Both China and Russia have national strategies priorities in development of green alterative to fossil fuels and green carbon science in the entire carbon cycles. Renewable energy will replace traditional fossil fuels on a large scale in the future and hydrogen energy will play an important role in this process. Furthermore, green hydrogen obtained from renewable power electrolysis water will truly achieve carbon-free and clean energy. This project aims to contribute to the green hydrogen production and enhance the impact on reducing anthropogenic climate change, which also can obvious benefit to the economy and societal wellbeing of both countries.

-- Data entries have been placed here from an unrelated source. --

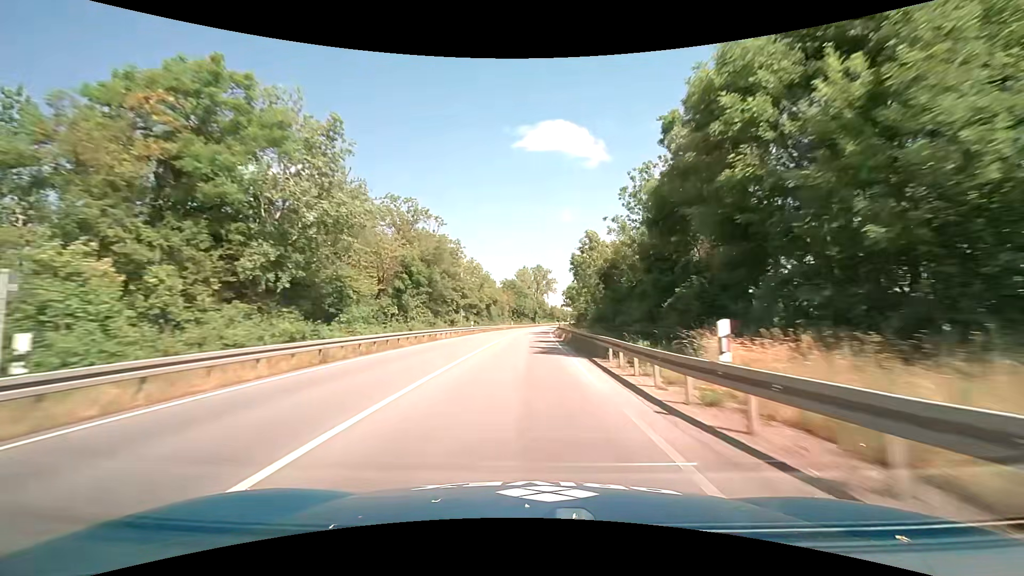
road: primary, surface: asphalt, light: Day
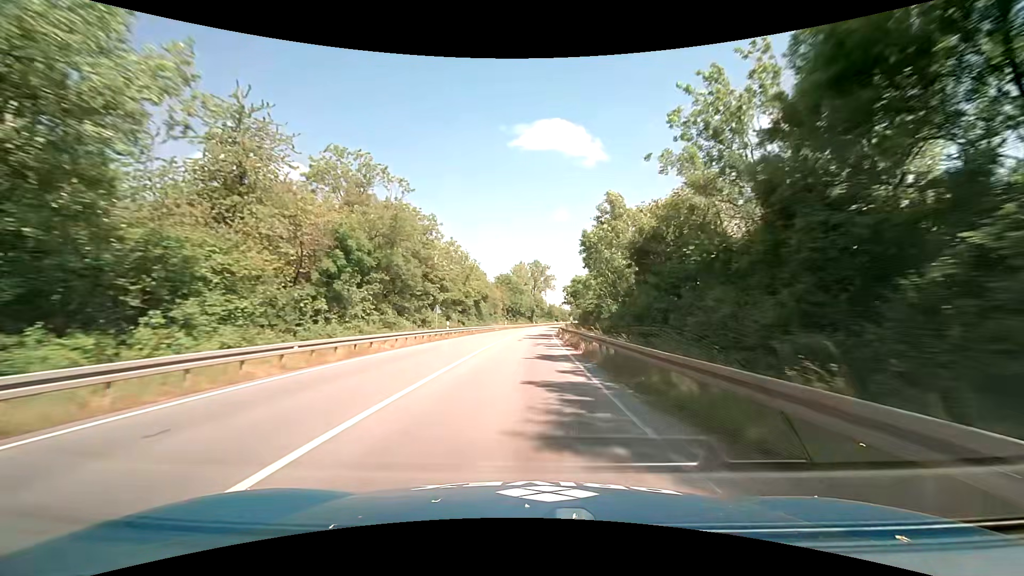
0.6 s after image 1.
(0.0, +14.8) m; 0°
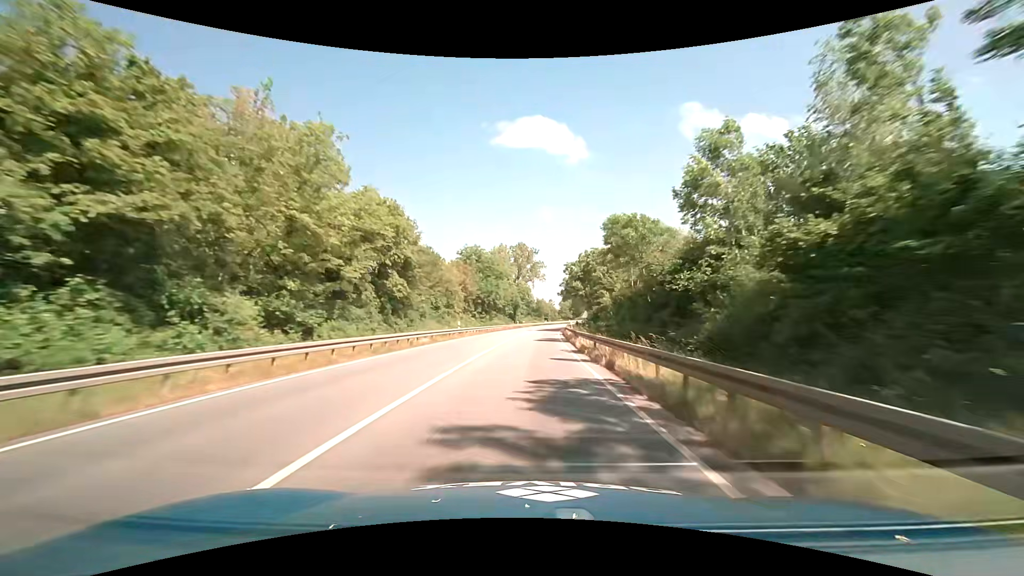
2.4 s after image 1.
(+0.6, +45.0) m; +2°
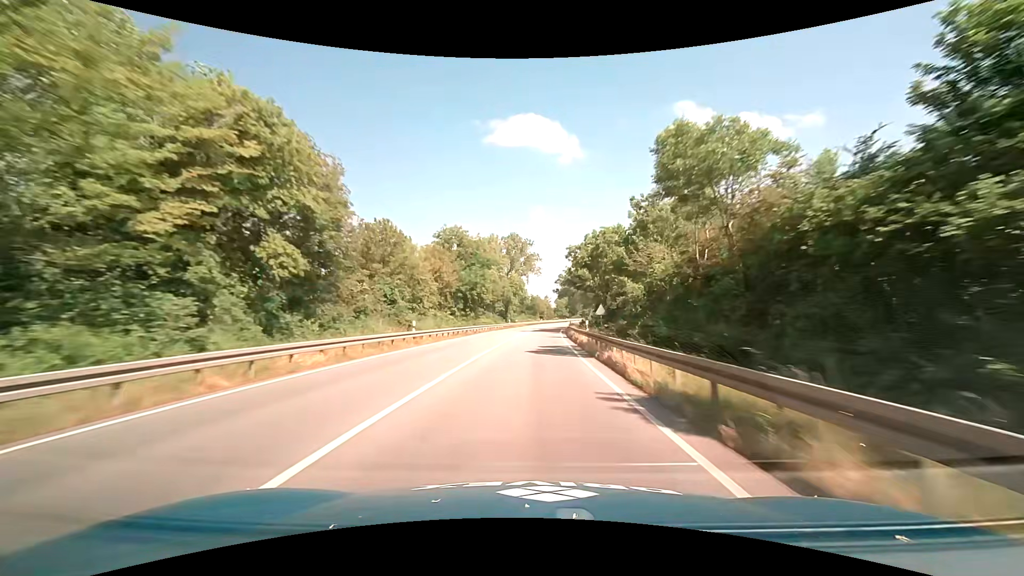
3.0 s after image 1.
(+0.1, +15.2) m; +1°
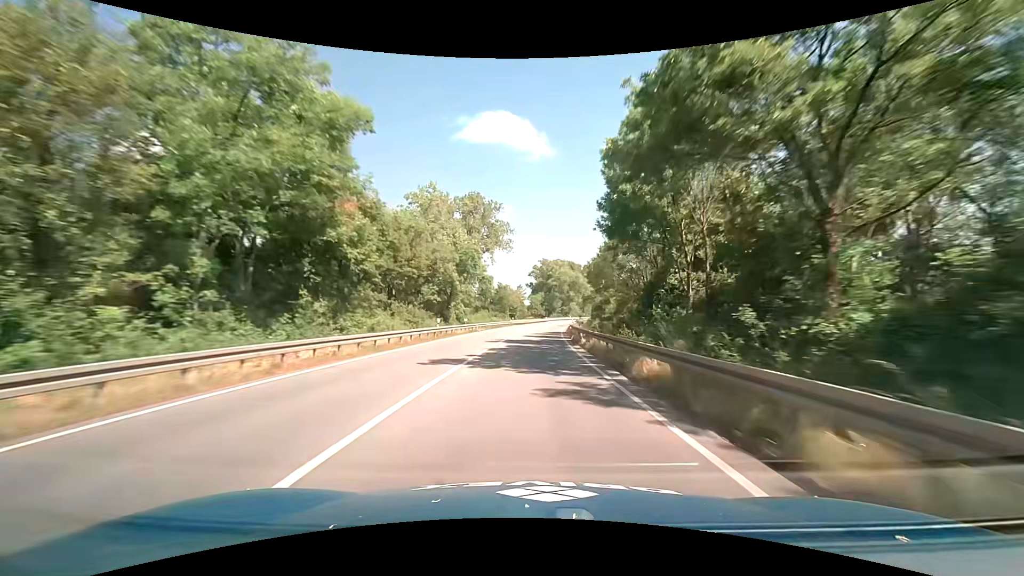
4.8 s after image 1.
(+1.1, +46.1) m; +3°
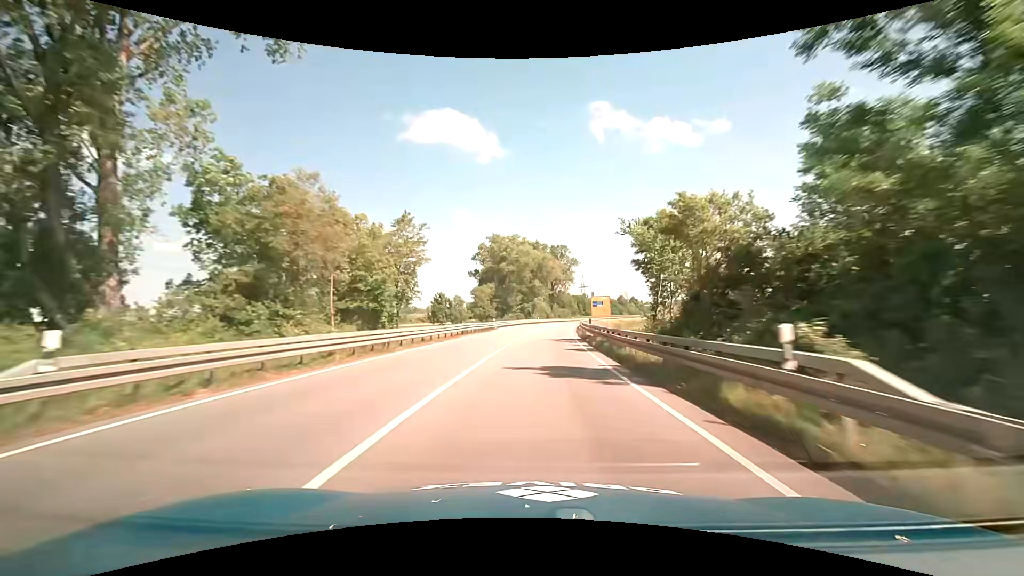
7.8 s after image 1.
(+3.6, +76.9) m; +5°
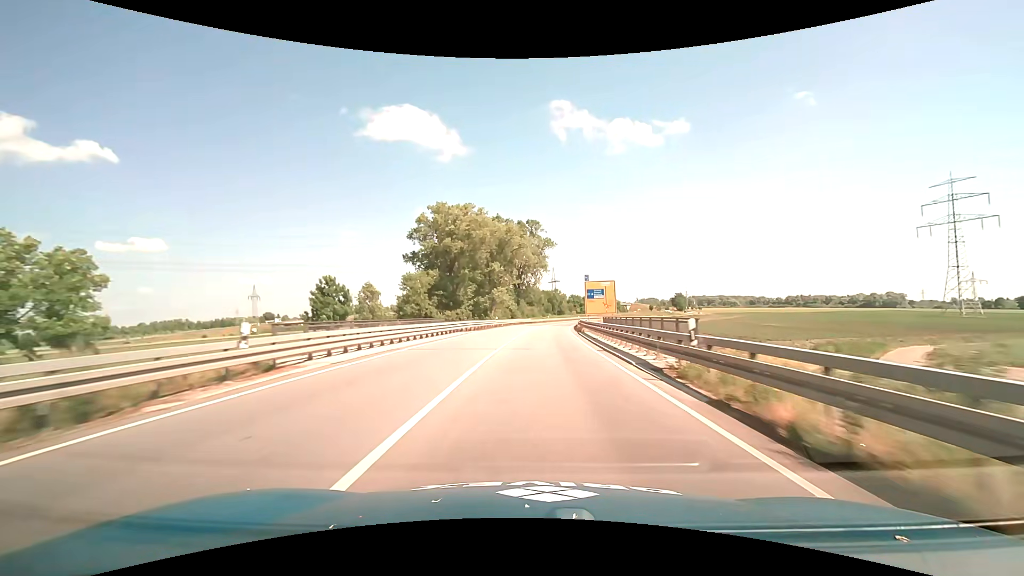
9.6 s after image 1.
(+1.6, +45.3) m; +4°
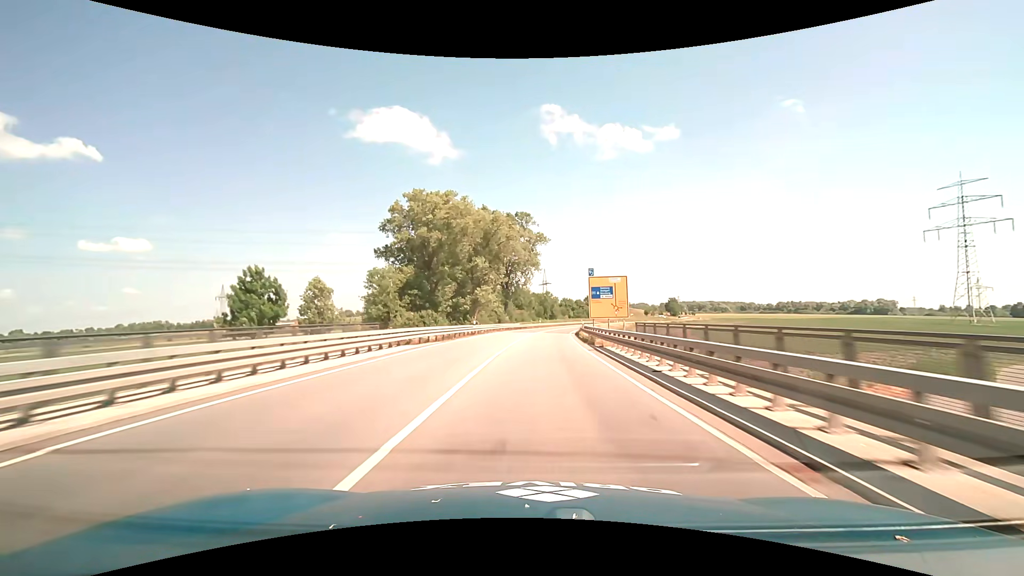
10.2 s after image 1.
(+0.2, +14.9) m; +1°
(0, +10) (0, +20) (+1, +30) (+1, +40) (+2, +50) (+2, +60) (+3, +70) (+5, +80) (+7, +90) (+9, +99) m

On the HUST side, such collaboration is at the core of “HUST Global Strategy 2030” to (1) the strategic goal of “four forces to improve” for global development, (2) “six strategic paths”, and (3) “ten key tasks”. Aiming to serve the national strategy, solve the problems faced by national development, and also serve the general trend of the country to the center of the world stage, reflecting HUST’s own disciplinary characteristics, regional characteristics, platforms and talent advantages.
On the SPBU side, after Russia released the "Russia's Social and Economic Development Strategy to Achieve Low Greenhouse Gas Emissions by 2050". St. Petersburg State University responded positively and carried out comprehensive strategic cooperation with universities such as Harbin Institute of Technology in the field of carbon neutrality and peaking, and jointly established 6 Sino-Russian joint research centers including plasma physics application technology, ecological environment, applied mathematics, and advanced materials. A variety of measures will be taken to promote Russia's "Goal Plan" based on energy transition.
The current proposal only touches base on using the designed catalytic system for water electrolysis. The collected data and study this year will contribute significantly to understanding the structure-property relationship in catalyzing water electrolysis, thus enabling further material design and optimization in the huge multielement composition space with a rational guide.

In year 2, continuous innovation is required to advance the design of the catalyst to improve the performances in practical water electrolysis system, including its activity, stability, cost, and on-site performances, contributing to real equipment application. Moreover, the proposed highly efficient catalysts are not limited to water electrolysis and can be generally applicable to other important reactions in clean energy and sustainability, such as fuel cells, metal-air batteries, carbon dioxide reduction, nitrogen fixation, etc. The current funds requested will initiate the collaboration and lay a foundation for more comprehensive research and funding in the future.

The PI’s will apply to the funding bodies and calls mentioned in the ‘Outputs’ section to support their joint research and promote PhD, postdocs and PI’s mobility to facilitate this collaboration.